The second new therapy is proton beam radiation, a more precise treatment that targets only the tumor.

"We will be able to spare the normal tissues around the eye from the effects of radiation therapy, thereby reducing long-term side effects including future cancers," Chintagumpala said.

Leah's now celebrating five years cancer-free.

For kids whose cancer is stopped in the eye, the cure rate is 95 percent. It's unclear exactly what causes retinoblastoma, though 30 to 40 percent of cases are hereditary. In kids with retinoblastoma, it's common for a camera flash to produce the appearance of a white pupil in photos. The American Academy of Ophthalmology said if this is the case, take your child to an eye doctor immediately.
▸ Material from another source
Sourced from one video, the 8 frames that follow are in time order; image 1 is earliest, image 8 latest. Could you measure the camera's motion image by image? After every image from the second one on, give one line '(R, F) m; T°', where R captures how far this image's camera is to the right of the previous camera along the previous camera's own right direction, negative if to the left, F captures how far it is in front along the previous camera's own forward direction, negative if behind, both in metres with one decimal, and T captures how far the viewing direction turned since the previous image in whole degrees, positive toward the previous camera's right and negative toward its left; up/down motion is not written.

BACKGROUND: Retinoblastoma is an eye cancer that affects approximately 1 in 18,000 children younger than age 5. It's the most common malignant tumor of the eye that occurs in children, according to Texas Children's Cancer Center. Although the cancer typically affects one eye, in 20 to 30 percent of cases, it affects both eyes. The disease can be either hereditary or non-hereditary. Children with retinoblastoma in both eyes and about 15 percent of patients with the cancer in one eye have the hereditary form, which is caused by an inactivated retinoblastoma gene in all the cells of the body. The hereditary form of retinoblastoma causes multiple tumors in both eyes, while the non-hereditary form causes a single tumor in one eye.
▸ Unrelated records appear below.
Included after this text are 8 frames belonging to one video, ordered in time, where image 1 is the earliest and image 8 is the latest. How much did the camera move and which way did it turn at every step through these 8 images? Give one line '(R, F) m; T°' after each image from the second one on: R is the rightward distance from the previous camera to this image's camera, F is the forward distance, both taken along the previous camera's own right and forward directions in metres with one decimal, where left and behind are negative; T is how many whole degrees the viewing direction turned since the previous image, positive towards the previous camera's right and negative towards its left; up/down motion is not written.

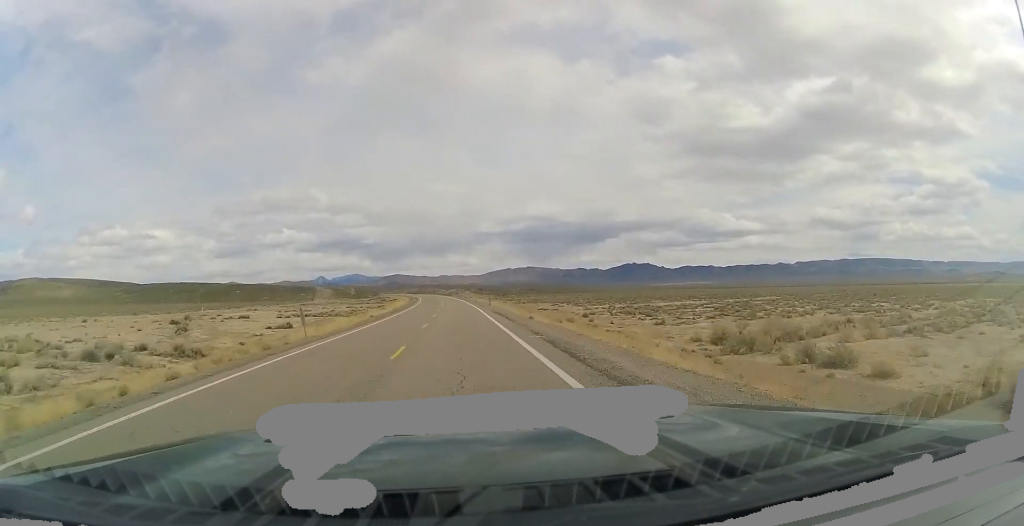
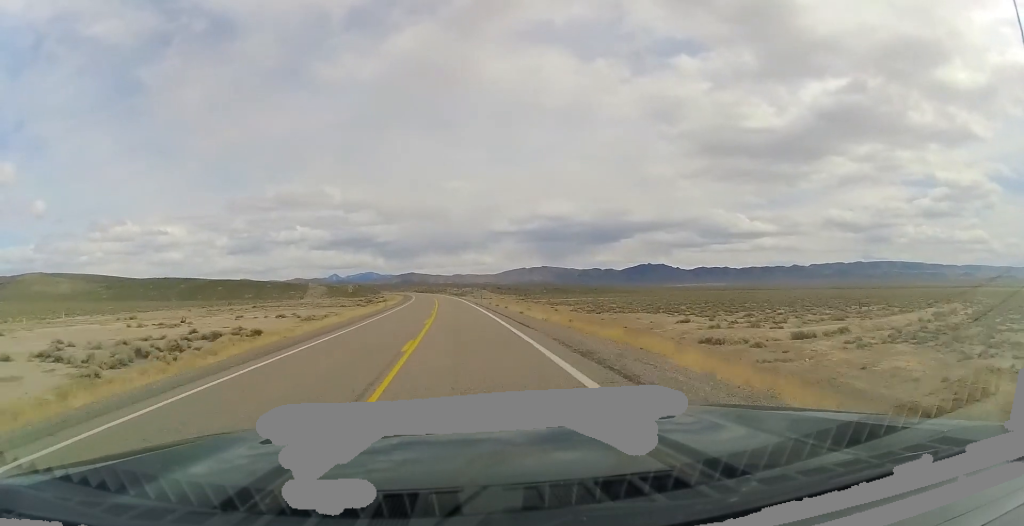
(+0.4, +60.3) m; -2°
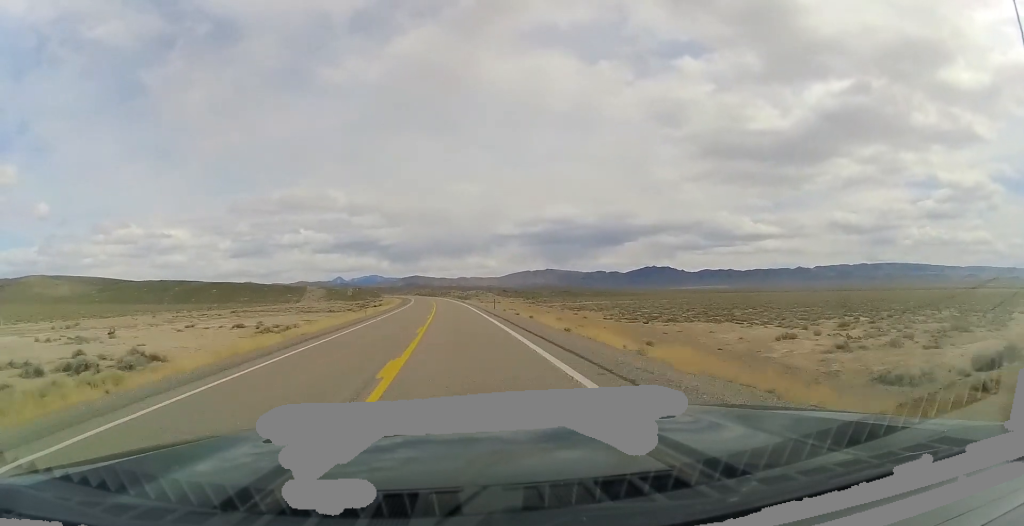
(-0.6, +16.7) m; -1°
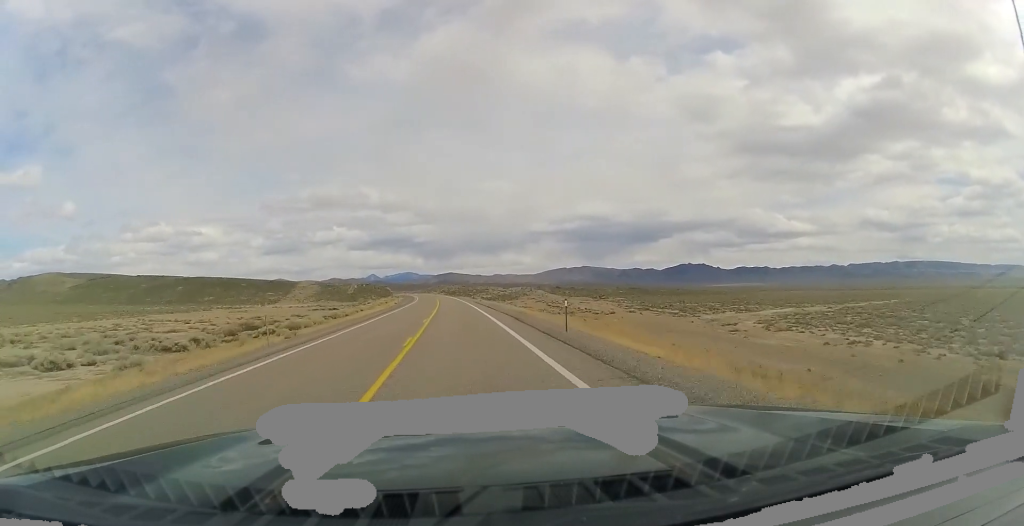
(-1.9, +92.5) m; -2°
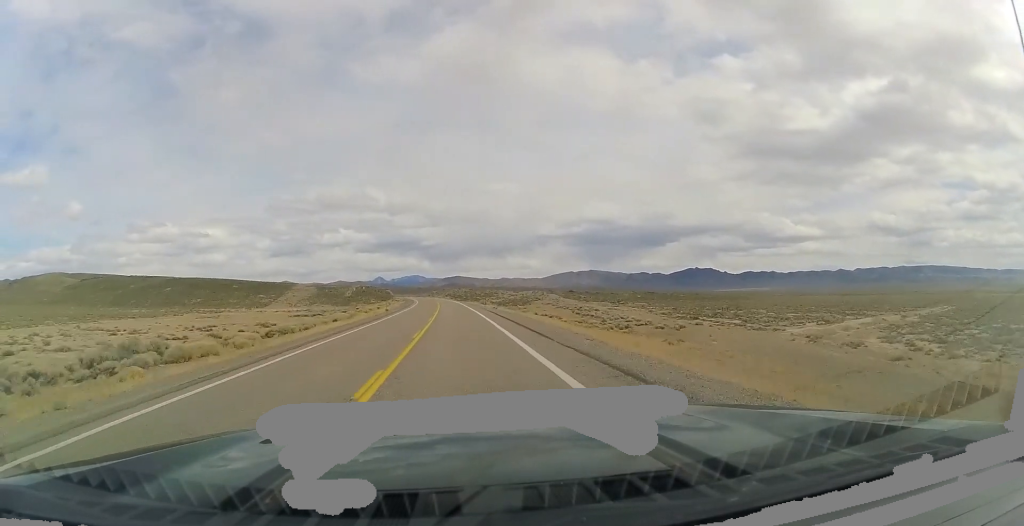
(-0.2, +20.1) m; -1°
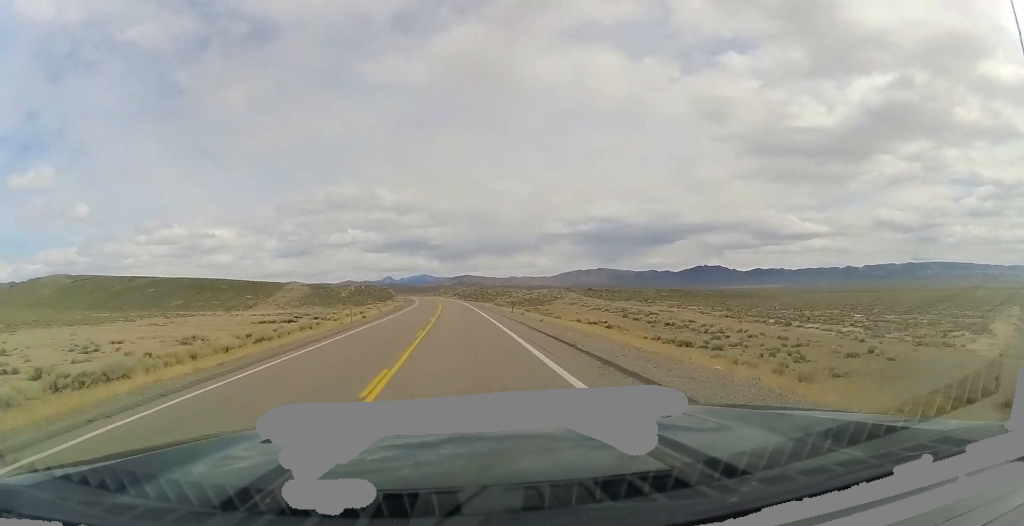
(-0.3, +24.9) m; -1°
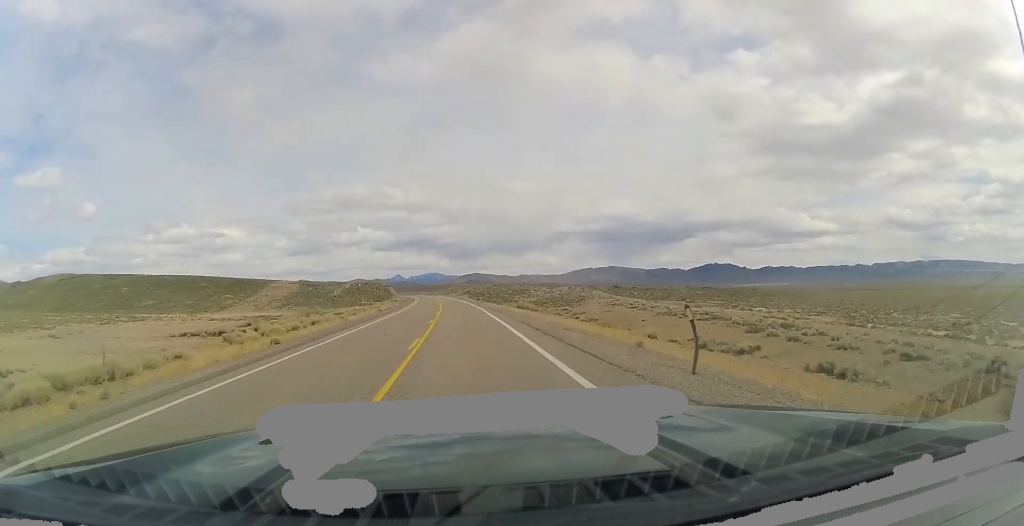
(-0.3, +29.7) m; -1°
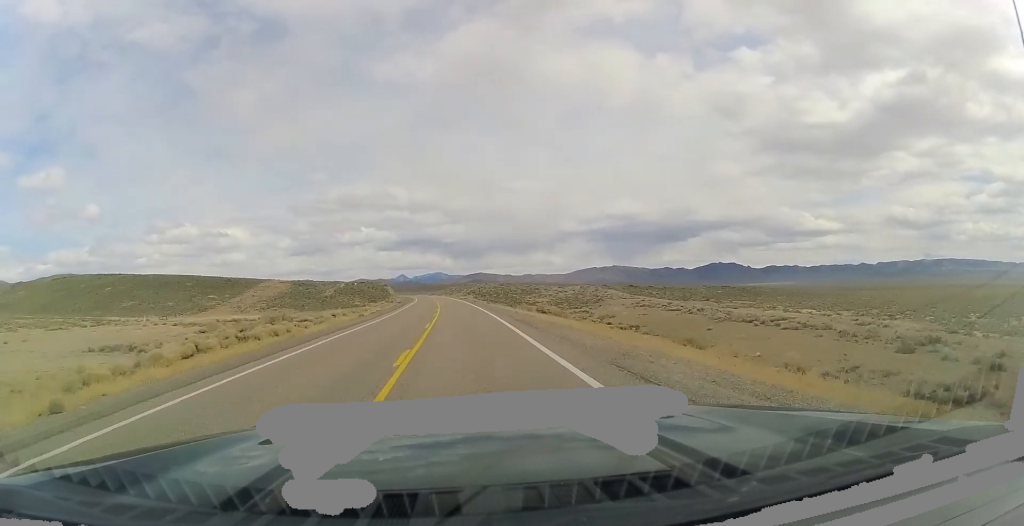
(+0.1, +16.6) m; 0°

SYMPTOMS: The National Cancer Institute says you should take your child to the doctor to be screened for retinoblastoma if any of the following occur: the pupil of the eye appears white instead of red when light -- such as a camera flash -- shines into it; the eyes appear to be looking in different directions; or the child complains of pain or redness in the eye.

TREATMENT: As long as retinoblastoma hasn't spread beyond the eye, cure can be achieved in more than 90 percent of children by removing the affected eye, called enucleation. Radiation therapy may be used instead of enucleation. This type of treatment involves using high-energy X-rays or other types of radiation to kill cancer cells or stop them from growing. Doctors say one of the problems with radiation treatment for retinoblastoma is children younger than 1 are put at higher at risk for developing cancers later on in life. Radiation treatment of the eye also leads to deformation of the walls of the eye so that it doesn't grow normally. One type of radiation that avoids these complications is proton beam radiation, in which protons are used to target cancer cells through a special machine. "With this specific proton beam radiation therapy, we will be able to target just the tumor, the lining of the eyeball, from which arises this tumor, and we will be able to spare the normal tissues around the eye from the effects of radiation therapy, thereby reducing long-term side effects including future cancers," Chintagumpala said.

SUICIDE GENE THERAPY: This new treatment option for retinoblastoma is suicide gene therapy, which involves injecting viruses into the eye near the cancer and then administering an antiviral drug called ganciclovir via IV twice a day for a week. "When it’s injected into the eye, the tumor cells take up these viral particles, and these viral particles contain an enzyme which metabolizes the drug that we inject through the vein subsequently, and the product is poisonous to the cell, and the cell eventually dies because of that," Chintagumpala said. The gene therapy treatment may be repeated up to four times depending on how the patient responds.